Thursday, January 26, 2012

Ship Breaker

I'm really happy to have found a slew of great YA literature of late. It restores my faith that publishers really do care about putting out quality work. Ship Breaker is among the quality.

Ship Breaker (Ship Breaker, #1)Ship Breaker by Paolo Bacigalupi

My rating: 4 of 5 stars


I have one word. Atmosphere. I can't remember the last time I read a book where the atmosphere took over. It even took over plot and characterization. Usually character comes first for me, and the characters were good here, but I honestly loved the setting more than anything else about the story. Bacigalupi does more than create Nailer's dystopian Gulf Coast in a way that I could imagine it. It was so vivid that I felt more like I was in his world.

And what a world it is. It's something out of the slums of a third world country: the filth and the disease and the hordes of disenfranchised people swarming over wrecked ships, scavenging for whatever is left behind...spare copper, steel, oil - all the while just hoping to scrape by without getting killed by a host of both environmental and human threats. It's different and surprisingly good.

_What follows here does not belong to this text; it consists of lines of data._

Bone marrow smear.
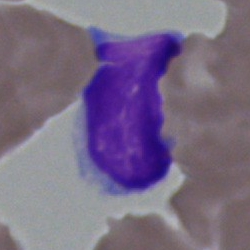Morphology consistent with a typical lymphocyte.
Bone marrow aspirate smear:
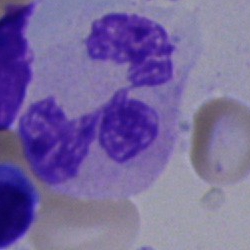Cell type — polymorphonuclear neutrophil.
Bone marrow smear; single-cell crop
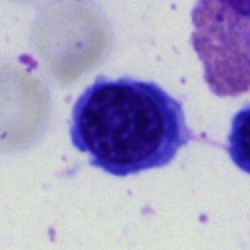 Morphology consistent with a nucleated red cell.

I was also fascinated by the drowned cities. Imagine coastal cities like New Orleans or San Francisco, tall sky scrapers and streets and bridges all covered in water. There is something haunting about imaging these cities, once heavily populated a hundred years before, now disintegrating under the ocean. I see it the way I might imagine a ship like the Lucitania or or the Titanic, once inhabited by people, now sunk under the depths. I couldn't help but think of all the things left behind now rotting in salt water. (And it does make me pretty excited about the next book in the series, The Drowned Cities.)

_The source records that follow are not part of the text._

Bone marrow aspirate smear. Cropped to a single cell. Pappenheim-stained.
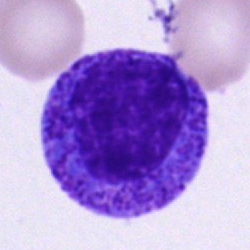
Single cell identified as a promyelocyte.
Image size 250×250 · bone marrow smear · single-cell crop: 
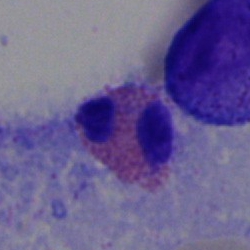
Q: What type of cell is this?
A: It is an eosinophil.
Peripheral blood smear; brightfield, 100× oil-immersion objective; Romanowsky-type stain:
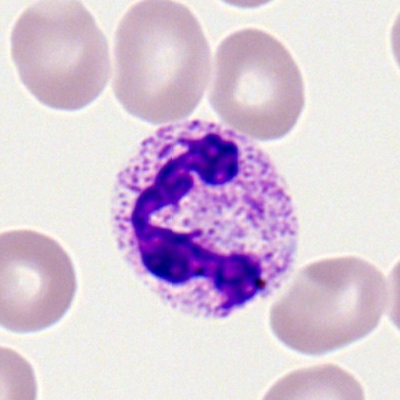
Classification: neutrophil (segmented).

There is something beautiful about this mysterious and decaying landscape.

There were a few other things that I found captivating. Nailer's world is run by large companies that control vast portions of wealth. It doesn't seem like there are any real government entities, and people are either very poor or very rich. It's a dog-eat-dog sort of place where survival means looking out for yourself first. And it isn't hard, at least in my mind, to see the world turning out this way. Especially when governments kowtow to big corporations and banks and forget the constituents they are supposed to serve.

I also really liked Tool. Tool is a sort of half-breed human/dog. In the story, scientists have figured out a way to genetically engineer a new species, and these particular beings are supposed to be both excellent fighters and extremely loyal to a patron. But Tool has no patron and he survives on his own. I think I liked Tool more than any other character. He's supposed to be brutal and animalistic, but I think he was more human than most of the characters in the story. That only further emphasizes how far the human beings in this world have allowed themselves to fall into avarice and selfishness. It sounds like Tool features heavily in the next book, too, so I'm excited to see where Bacigalupi takes his story.

All in all, as far as dystopian lit goes, I think this pretty much nails it. I have only one complaint - as Jami said - more romance. I'm a girl like that. Oh, and I also agree, as Jami said, find a new phrase for "blossomed with pain." I didn't notice it at first, but by the end of the story, I was counting the number of times it was used.